Il y a quelques mois, lorsque le projet d'interdiction de fumer fut lancée au Parlement, l'idée fut accueillie fraîchement par certains Députés qui craignaient plus les réactions négatives de leurs électeurs qu'ils ne contestaient le bien fondé d'une telle mesure. Car, en réalité, les mesures préconisées en la matière ont d'abord et avant tout une motivation de santé publique.
Les uns se voyaient confrontés aux buralistes dont la situation est effectivement difficile depuis que la chasse à la fumée a commencé, il y a quelques années. Il faut aider ces professionnels à se reconvertir en élargissant les produits qu'ils doivent pouvoir proposer à leurs clients. En effet, les buralistes sont des commerçants de proximité qui, outre le tabac, rendent de multiples services, et notamment au fisc, en vendant les fameux timbres-amendes, ce qui n'est pas pour plaire aux consommateurs, mais qui trouvent pratique néanmoins de pouvoir s'acquitter de leurs infractions à proximité de chez eux.

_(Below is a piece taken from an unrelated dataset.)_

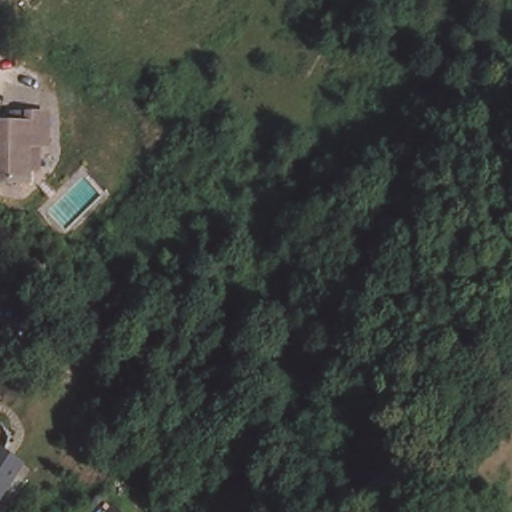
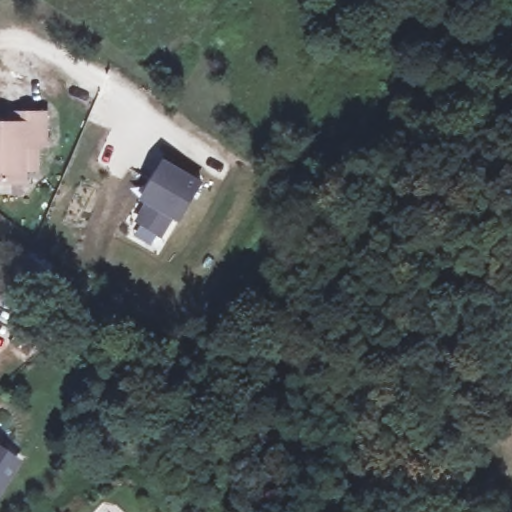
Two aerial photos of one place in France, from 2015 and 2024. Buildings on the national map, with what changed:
unchanged [(19,183),(0,183),(0,127),(7,127),(8,116),(39,116),(39,150),(32,150),(32,172),(19,171),(19,183)]
new [(145,202),(140,199),(165,157),(204,181),(180,222),(174,219),(163,238),(134,221),(145,202)]
new [(52,279),(69,291),(62,300),(53,313),(37,301),(46,288),(52,279)]
unchanged [(0,487),(0,448),(17,458),(0,487)]

Les autres pensaient qu'une telle mesure les rendrait impopulaires auprès de leurs électeurs fumeurs qui leur reprocheraient de les priver de leur passe-temps favori. Il fallait donc envisager de limiter l'accès à la cigarette sans déplaire à ceux qui la consument ! C'était la quadrature du cercle. En réalité, face au danger de santé publique que représente le tabac, il fallait trancher dans le vif et ne pas tomber dans le piège car sinon il était impossible d'avoir une attitude positive tendant à protéger des vies.

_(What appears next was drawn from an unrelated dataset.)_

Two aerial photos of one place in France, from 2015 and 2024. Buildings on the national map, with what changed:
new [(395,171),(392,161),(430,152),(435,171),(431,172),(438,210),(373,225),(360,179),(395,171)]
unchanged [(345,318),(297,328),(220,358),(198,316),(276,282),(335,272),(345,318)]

Il fallait pour cela regarder autour de nous ce qui se passe. Il y a bien sûr l'exemple Américain où des mesures anti-tabac extrêmement sévères ont été prises. Songez que dans certains Etats, il est même interdit de fumer sur le trottoir situé devant un hôpital ! C'est peut-être un peu excessif mais cela démontre la « guerre » que les Américains, pourtant producteurs des plus grandes marques de cigarettes, on décidé de mener contre le tabac. D'autres exemples plus proches de nous ont également montré la voie. L'Irlande des pubs enfumés a décidé de l'interdiction du tabac dans tous les lieux publics. Les tenanciers craignaient pour l'avenir de leurs établissements. Et bien, aujourd'hui, chacun s'accorde à reconnaître qu'aucune baisse de fréquentation n'est à déplorer. Encore plus près de nous, en Italie, l'interdiction du tabac est effective. Au lancement de cette mesure, chacun pariait sur le caractère latin des Italiens qui ne respecteraient pas une telle prohibition. Et bien l'Italie est bien plus vertueuse qu'on ne le dit puisque désormais on ne fume plus dans les lieux publics Italiens et personne ne s'en plaint vraiment.

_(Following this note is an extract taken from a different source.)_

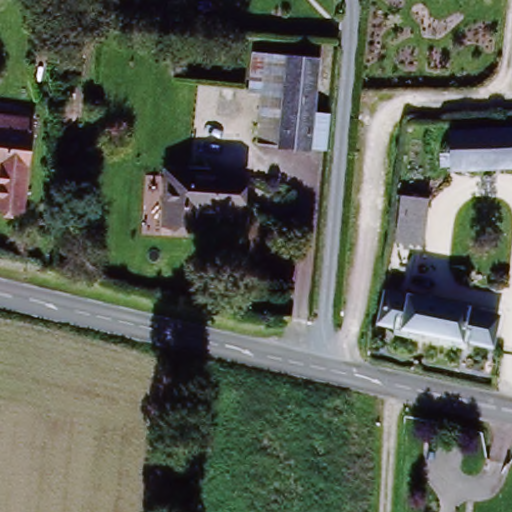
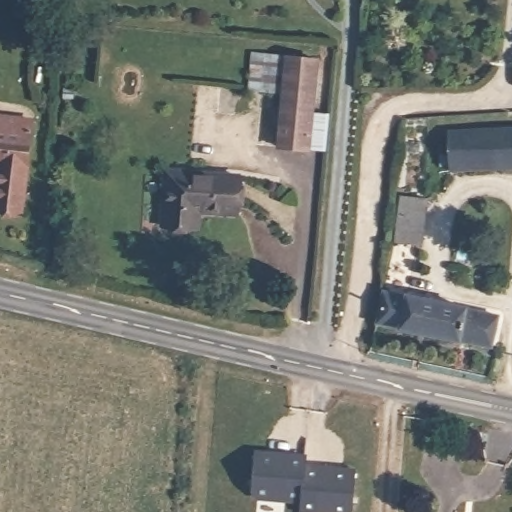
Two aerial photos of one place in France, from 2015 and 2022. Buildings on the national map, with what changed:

On peut faire le rapprochement avec les mesures qui ont été prises au fil des ans pour améliorer la sécurité routière par exemple : limitation de vitesse, ceinture bouclée, interdiction de téléphoner en conduisant, etc. Au début chacun rechignait devant autant d'interdits. Et puis la courbe des accidents et de son lot de morts et de blessés sur les routes s'est mise à chuter. De 13.000 morts, les statistiques tombent en dessous de 5.000, c'est-à-dire un résultat spectaculaire. Moyennant quoi, les mesures sont désormais entrées dans les m½urs, les comportements des automobilistes ont changé et chacun s'en porte mieux.
Entre deux maux il faut choisir le moindre et celui de la sécurité, de la santé, de la vie nous semble beaucoup plus important que celui de la fantaisie irresponsable qui tue. C'est là un vrai sujet de société dont il convient de débattre pour faire en sorte que la raison l'emporte sur l'égoïsme propre à chacun d'entre nous.